Unincorporated community in Douglas County, CO, USA

Sedalia is an unincorporated town, a post office, and a census-designated place (CDP) located in and governed by Douglas County, Colorado, United States. The CDP is a part of the Denver–Aurora–Lakewood, CO Metropolitan Statistical Area.
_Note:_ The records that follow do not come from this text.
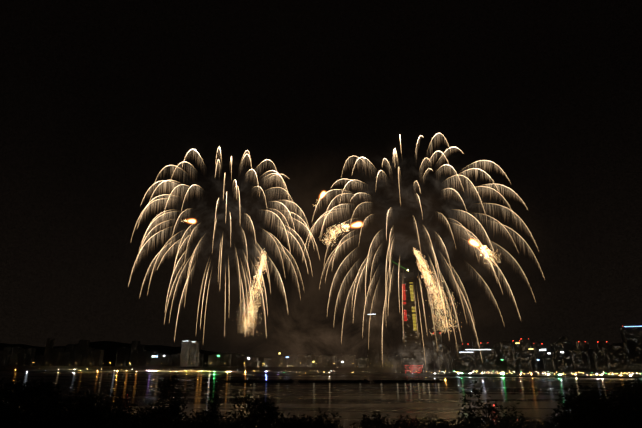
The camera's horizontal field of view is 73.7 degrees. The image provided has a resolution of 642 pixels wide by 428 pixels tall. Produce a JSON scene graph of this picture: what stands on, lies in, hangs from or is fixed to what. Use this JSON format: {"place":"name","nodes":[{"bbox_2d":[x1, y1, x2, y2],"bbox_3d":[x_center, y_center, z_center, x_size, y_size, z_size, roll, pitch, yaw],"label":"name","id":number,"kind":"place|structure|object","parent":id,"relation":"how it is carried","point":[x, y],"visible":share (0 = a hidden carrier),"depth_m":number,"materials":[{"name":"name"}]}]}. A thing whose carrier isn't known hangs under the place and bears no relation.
{"place":"outdoors","nodes":[
{"label":"outdoors","id":0,"kind":"place"},
{"bbox_2d":[0,371,641,427],"bbox_3d":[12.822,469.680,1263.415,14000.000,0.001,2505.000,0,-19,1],"label":"river water","id":1,"kind":"structure","parent":0,"point":[537,398],"depth_m":496.04,"materials":[{"name":"black liquid"}]},
{"bbox_2d":[225,379,443,382],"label":"firework barges","id":2,"kind":"object","parent":1,"relation":"on","point":[333,381],"visible":1,"depth_m":709.79,"materials":[{"name":"brown"}]},
{"bbox_2d":[0,361,641,377],"bbox_3d":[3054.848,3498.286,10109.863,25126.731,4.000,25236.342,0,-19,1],"label":"bank ground","id":3,"kind":"structure","parent":0,"point":[586,375],"depth_m":1120.40,"materials":[{"name":"black"}]},
{"bbox_2d":[0,341,272,366],"bbox_3d":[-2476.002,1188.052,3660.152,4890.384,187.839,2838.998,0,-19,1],"label":"hills","id":4,"kind":"structure","parent":3,"relation":"on","point":[109,348],"depth_m":2956.72,"materials":[{"name":"black"}]},
{"bbox_2d":[0,366,436,372],"bbox_3d":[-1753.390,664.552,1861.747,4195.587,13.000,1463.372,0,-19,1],"label":"riverbank","id":5,"kind":"structure","parent":3,"relation":"on","point":[292,369],"depth_m":1368.74,"materials":[{"name":"concrete"}]},
{"bbox_2d":[0,313,641,374],"bbox_3d":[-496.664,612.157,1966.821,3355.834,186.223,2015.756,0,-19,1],"label":"city buildings","id":6,"kind":"structure","parent":5,"relation":"on","point":[626,354],"depth_m":1324.02,"materials":[{"name":"black"}]},
{"bbox_2d":[368,314,641,352],"bbox_3d":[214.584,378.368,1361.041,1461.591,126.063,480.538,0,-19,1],"label":"lights","id":7,"kind":"object","parent":6,"relation":"on","point":[519,340],"visible":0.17,"depth_m":1126.49},
{"bbox_2d":[16,363,641,376],"bbox_3d":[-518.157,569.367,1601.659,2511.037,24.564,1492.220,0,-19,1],"label":"street lamps","id":8,"kind":"object","parent":3,"relation":"on","point":[429,372],"visible":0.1,"depth_m":1005.93,"materials":[{"name":"yellow"}]},
{"bbox_2d":[151,343,564,372],"bbox_3d":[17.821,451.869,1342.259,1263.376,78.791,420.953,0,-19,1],"label":"city lights","id":9,"kind":"object","parent":3,"relation":"on","point":[343,361],"depth_m":1171.82,"materials":[{"name":"grey"}]},
{"bbox_2d":[0,0,641,360],"label":"sky","id":10,"kind":"structure","parent":0,"point":[437,129],"materials":[{"name":"black"}]},
{"bbox_2d":[402,284,406,320],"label":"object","id":11,"kind":"object","parent":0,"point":[404,302],"depth_m":1170.39,"materials":[{"name":"red"}]},
{"bbox_2d":[400,271,425,373],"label":"riverside tower","id":12,"kind":"structure","parent":0,"point":[409,342],"depth_m":1140.45,"materials":[{"name":"black glass"}]},
{"bbox_2d":[400,275,424,371],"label":"skyscraper windows","id":13,"kind":"structure","parent":12,"relation":"on","point":[410,337],"depth_m":1124.40,"materials":[{"name":"grey"}]},
{"bbox_2d":[410,282,416,328],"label":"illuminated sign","id":14,"kind":"object","parent":12,"relation":"attached to","point":[413,307],"depth_m":1156.20,"materials":[{"name":"yellow"}]},
{"bbox_2d":[540,370,641,375],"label":"elevated road","id":15,"kind":"structure","parent":0,"point":[600,371],"depth_m":955.97,"materials":[{"name":"concrete"}]},
{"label":"hillside","id":16,"kind":"structure","parent":0,"visible":0},
{"bbox_2d":[0,378,34,390],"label":"broad tree","id":17,"kind":"object","parent":16,"relation":"on","point":[14,384],"visible":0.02,"depth_m":40.17,"materials":[{"name":"black plant"}]},
{"bbox_2d":[47,391,147,425],"bbox_3d":[-16.432,16.722,29.278,8.237,8.485,7.238,0,-19,1],"label":"broad tree","id":18,"kind":"object","parent":16,"relation":"on","point":[120,403],"visible":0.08,"depth_m":30.67,"materials":[{"name":"black plant"}]},
{"bbox_2d":[83,405,166,427],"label":"shrub","id":19,"kind":"object","parent":16,"relation":"on","point":[119,422],"visible":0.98,"depth_m":20.29,"materials":[{"name":"black plant"}]},
{"bbox_2d":[100,401,170,427],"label":"bush","id":20,"kind":"object","parent":16,"relation":"on","point":[152,413],"visible":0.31,"depth_m":28.48,"materials":[{"name":"black plant"}]},
{"bbox_2d":[156,372,191,424],"bbox_3d":[-13.462,19.998,37.267,3.272,11.837,3.091,0,-19,1],"label":"poplar tree","id":21,"kind":"object","parent":16,"relation":"on","point":[170,402],"visible":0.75,"depth_m":38.05,"materials":[{"name":"black plant"}]},
{"bbox_2d":[138,407,219,427],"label":"shrub","id":22,"kind":"object","parent":16,"relation":"on","point":[180,423],"visible":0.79,"depth_m":21.02,"materials":[{"name":"black plant"}]},
{"bbox_2d":[185,411,226,427],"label":"bush","id":23,"kind":"object","parent":16,"relation":"on","point":[221,417],"visible":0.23,"depth_m":23.14,"materials":[{"name":"black plant"}]},
{"bbox_2d":[203,383,220,421],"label":"poplar tree","id":24,"kind":"object","parent":16,"relation":"on","point":[214,401],"visible":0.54,"depth_m":43.36,"materials":[{"name":"black plant"}]},
{"bbox_2d":[183,409,261,427],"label":"shrub","id":25,"kind":"object","parent":16,"relation":"on","point":[246,421],"visible":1,"depth_m":16.22,"materials":[{"name":"black plant"}]},
{"bbox_2d":[219,411,277,427],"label":"shrub","id":26,"kind":"object","parent":16,"relation":"on","point":[234,415],"visible":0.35,"depth_m":20.41,"materials":[{"name":"black plant"}]},
{"bbox_2d":[230,388,286,427],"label":"broad tree","id":27,"kind":"object","parent":16,"relation":"on","point":[257,407],"visible":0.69,"depth_m":35.68,"materials":[{"name":"black plant"}]},
{"bbox_2d":[248,413,313,427],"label":"shrub","id":28,"kind":"object","parent":16,"relation":"on","point":[302,423],"visible":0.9,"depth_m":21.06,"materials":[{"name":"black plant"}]},
{"bbox_2d":[271,408,326,427],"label":"bush","id":29,"kind":"object","parent":16,"relation":"on","point":[283,423],"visible":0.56,"depth_m":26.46,"materials":[{"name":"black plant"}]},
{"bbox_2d":[314,410,361,427],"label":"shrub","id":30,"kind":"object","parent":16,"relation":"on","point":[329,424],"visible":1,"depth_m":18.56,"materials":[{"name":"black plant"}]},
{"bbox_2d":[309,411,388,427],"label":"bush","id":31,"kind":"object","parent":16,"relation":"on","point":[372,421],"visible":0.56,"depth_m":24.69,"materials":[{"name":"black plant"}]},
{"bbox_2d":[353,415,390,427],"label":"shrub","id":32,"kind":"object","parent":16,"relation":"on","point":[366,426],"visible":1,"depth_m":15.71,"materials":[{"name":"black plant"}]},
{"bbox_2d":[379,414,462,427],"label":"bush","id":33,"kind":"object","parent":16,"relation":"on","point":[402,424],"visible":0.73,"depth_m":24.83,"materials":[{"name":"black plant"}]},
{"bbox_2d":[398,414,477,427],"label":"shrub","id":34,"kind":"object","parent":16,"relation":"on","point":[434,425],"visible":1,"depth_m":16.91,"materials":[{"name":"black plant"}]},
{"bbox_2d":[458,380,525,427],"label":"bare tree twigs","id":35,"kind":"object","parent":16,"relation":"on","point":[489,410],"visible":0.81,"depth_m":30.30,"materials":[{"name":"black plant"}]},
{"bbox_2d":[454,407,549,427],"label":"shrub","id":36,"kind":"object","parent":16,"relation":"on","point":[477,421],"visible":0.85,"depth_m":17.49,"materials":[{"name":"black plant"}]},
{"bbox_2d":[497,408,576,427],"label":"bush","id":37,"kind":"object","parent":16,"relation":"on","point":[539,424],"visible":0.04,"depth_m":24.80,"materials":[{"name":"black plant"}]},
{"bbox_2d":[535,412,563,427],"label":"shrub","id":38,"kind":"object","parent":16,"relation":"on","point":[552,423],"visible":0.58,"depth_m":18.34,"materials":[{"name":"black plant"}]},
{"bbox_2d":[560,383,616,427],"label":"tree","id":39,"kind":"object","parent":16,"relation":"on","point":[594,393],"visible":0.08,"depth_m":29.56,"materials":[{"name":"black plant"}]},
{"bbox_2d":[548,391,629,427],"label":"shrub","id":40,"kind":"object","parent":16,"relation":"on","point":[572,419],"visible":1,"depth_m":15.62,"materials":[{"name":"black plant"}]},
{"bbox_2d":[560,379,641,427],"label":"corner tree","id":41,"kind":"object","parent":16,"relation":"on","point":[605,400],"visible":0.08,"depth_m":24.39,"materials":[{"name":"black plant"}]},
{"bbox_2d":[612,377,641,402],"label":"tree","id":42,"kind":"object","parent":16,"relation":"on","point":[625,385],"visible":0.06,"depth_m":34.11,"materials":[{"name":"black plant"}]}
]}

The Sedalia post office has the ZIP Code 80135. At the United States Census 2020, the population of the Sedalia CDP was 177. The median household income in Sedalia is $279,831.

==History==
The Sedalia post office has been in operation since 1872. The community was named after Sedalia, Missouri.

==Geography==
Sedalia is located in northern Douglas County along U.S. Route 85, which leads 8 mi southeast to Castle Rock, the county seat, and north 24 mi to downtown Denver.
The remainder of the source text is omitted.